WHAT THE TASK ASKS.
Each line of the data below between the one containing "LaTeX: \approx 2\%" and the one containing "Character: 鏎", both included, is to be repeated exactly. Please omit pictures.

***** INFORMATION *****

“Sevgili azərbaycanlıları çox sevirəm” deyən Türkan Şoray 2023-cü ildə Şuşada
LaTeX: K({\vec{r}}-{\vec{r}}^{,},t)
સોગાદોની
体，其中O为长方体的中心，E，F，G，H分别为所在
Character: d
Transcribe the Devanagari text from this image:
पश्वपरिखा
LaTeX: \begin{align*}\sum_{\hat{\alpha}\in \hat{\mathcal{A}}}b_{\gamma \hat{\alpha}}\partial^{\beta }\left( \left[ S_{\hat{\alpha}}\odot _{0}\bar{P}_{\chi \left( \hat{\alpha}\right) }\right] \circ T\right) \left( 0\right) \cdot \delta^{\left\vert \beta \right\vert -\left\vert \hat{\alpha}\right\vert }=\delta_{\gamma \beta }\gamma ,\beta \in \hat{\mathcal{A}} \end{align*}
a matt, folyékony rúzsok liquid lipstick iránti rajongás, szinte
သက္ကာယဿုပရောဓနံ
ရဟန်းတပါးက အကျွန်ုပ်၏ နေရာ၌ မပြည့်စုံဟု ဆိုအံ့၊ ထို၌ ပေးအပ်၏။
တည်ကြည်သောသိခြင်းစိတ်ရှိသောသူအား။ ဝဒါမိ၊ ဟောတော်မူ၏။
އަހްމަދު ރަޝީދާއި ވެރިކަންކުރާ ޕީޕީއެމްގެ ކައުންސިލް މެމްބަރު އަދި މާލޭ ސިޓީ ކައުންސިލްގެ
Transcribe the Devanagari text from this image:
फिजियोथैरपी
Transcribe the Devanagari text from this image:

*****
***** INFORMATION *****

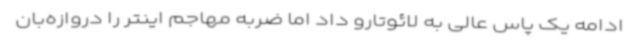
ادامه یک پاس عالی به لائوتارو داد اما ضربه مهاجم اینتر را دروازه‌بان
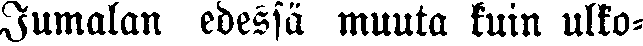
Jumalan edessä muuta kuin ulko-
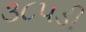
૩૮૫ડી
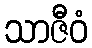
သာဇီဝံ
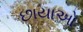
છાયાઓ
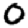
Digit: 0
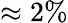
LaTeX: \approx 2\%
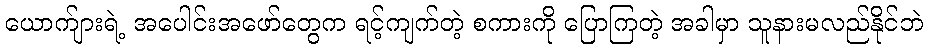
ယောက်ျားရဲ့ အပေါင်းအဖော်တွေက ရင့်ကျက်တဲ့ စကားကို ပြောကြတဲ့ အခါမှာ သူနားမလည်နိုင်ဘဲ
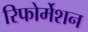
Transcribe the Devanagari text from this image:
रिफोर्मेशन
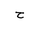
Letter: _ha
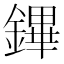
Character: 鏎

*****

ANSWER FOR THIS EXERCISE.
LaTeX: \approx 2\%
ယောက်ျားရဲ့ အပေါင်းအဖော်တွေက ရင့်ကျက်တဲ့ စကားကို ပြောကြတဲ့ အခါမှာ သူနားမလည်နိုင်ဘဲ
Transcribe the Devanagari text from this image:
रिफोर्मेशन
Letter: _ha
Character: 鏎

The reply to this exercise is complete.